2. The method for identifying the identity of a user across social networks based on two levels of entropy of information according to claim 1, wherein the similarity of the common attributes

The calculation method comprises the following steps:

s2.1: firstly, judging whether the mth common attribute is a preset key attribute, if so, entering a step S2.2, otherwise, entering a step S2.3;

s2.2: judging whether the m-th common attributes of the two users are consistent, if so, determining the similarity of the common attributes

Otherwise

S2.3: judging whether the m-th common attribute data is vectorized, if so, entering a step S2.4, and otherwise, entering a step S2.5;

s2.4: vectorizing the data of the m-th common attributes of the two users, calculating the cosine similarity between the two obtained vectors, and taking the cosine similarity as the similarity of the m-th common attributes of the two users

S2.5: taking the data of the m-th common attributes of the two users as character strings, then calculating a Dice coefficient between the two character strings, and taking the Dice coefficient as the similarity of the m-th common attributes of the two users

3. The method for identifying the user identity across the social network based on the two-level information entropy of claim 1, wherein the feature attributes in the step S3 include a text information feature, a punctuation mark feature and a state timestamp feature, and the similarity calculation methods respectively include:

for text information features, firstly extracting text information features of each user based on frequent pattern mining to obtain a plurality of frequent items and support degree counts corresponding to the frequent items, and then calculating by adopting the following formula to obtain text information feature similarity of two users

Wherein, F represents a frequent item,

respectively representing the support degree counts of the frequent items F corresponding to the user i in the social network A and the user j in the social network B, C _F A number of sets of items representing frequent items F;

for punctuation mark characteristics, the proportion of the use times of each punctuation mark in the total punctuation mark number is statistically obtained from text information issued by a user i in a social network A and a user j in a social network B to form punctuation mark vectors, and the similarity between the two vectors is calculated to be the punctuation mark similarity

For the time state stamp characteristics, dividing each day into G time periods, counting to obtain the average dynamic number of each user in each time period within a preset date, and calculating the similarity of the time state stamps of the user i in the social network A and the user j in the social network B by adopting the following formula:

wherein, V _i ^A (g)、V _j ^B (g) Respectively represent the average dynamic numbers of the user i in the social network A and the user j in the social network B in the g-th time period.

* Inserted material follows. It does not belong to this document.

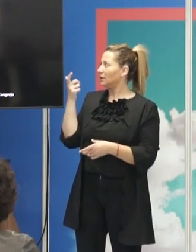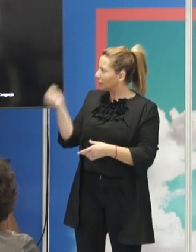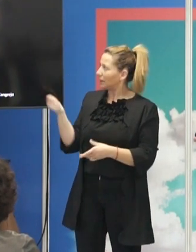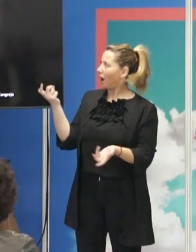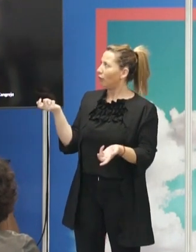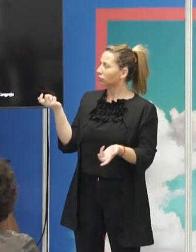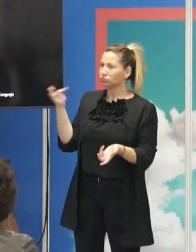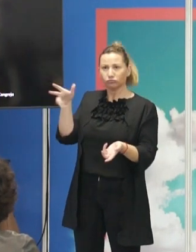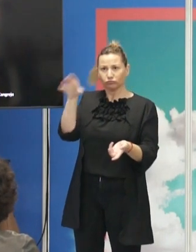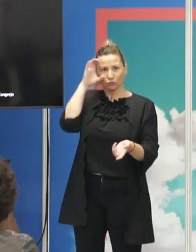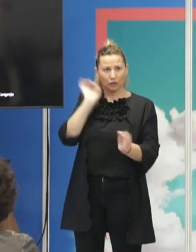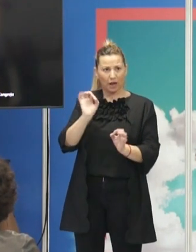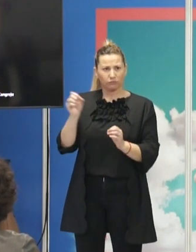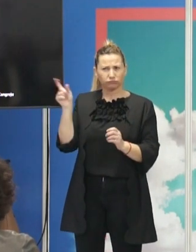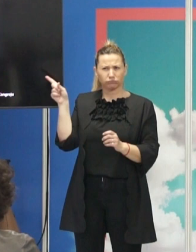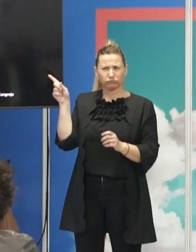Ahí está.

4. The cross-social-network user identity recognition method based on two-level information entropy of claim 1, wherein a bidirectional stable marital matching algorithm is adopted for user matching, and the specific method comprises the following steps: sequentially selecting users i in the social network A, and collecting users to be matched with users lambda _i Setting as a set of all users in social network B; from the set of users to be matched lambda _i Screening out a user j with the highest matching score with the user i, and matching the user j with the user i if the user j is not matched with other users in the social network A; if the user j is matched with other users i ' in the social network A, if the matching score of the user i and the user j is higher than that of the user i ' and the user j, matching the user i with the user j, deleting the matching result of the user i ', and otherwise, selecting the user j from the user set lambda to be matched _i Deletion from the deleted set λ of users to be matched _i Re-screening the user with the highest matching score with the user i until determining the matching user of the user i in the social network B.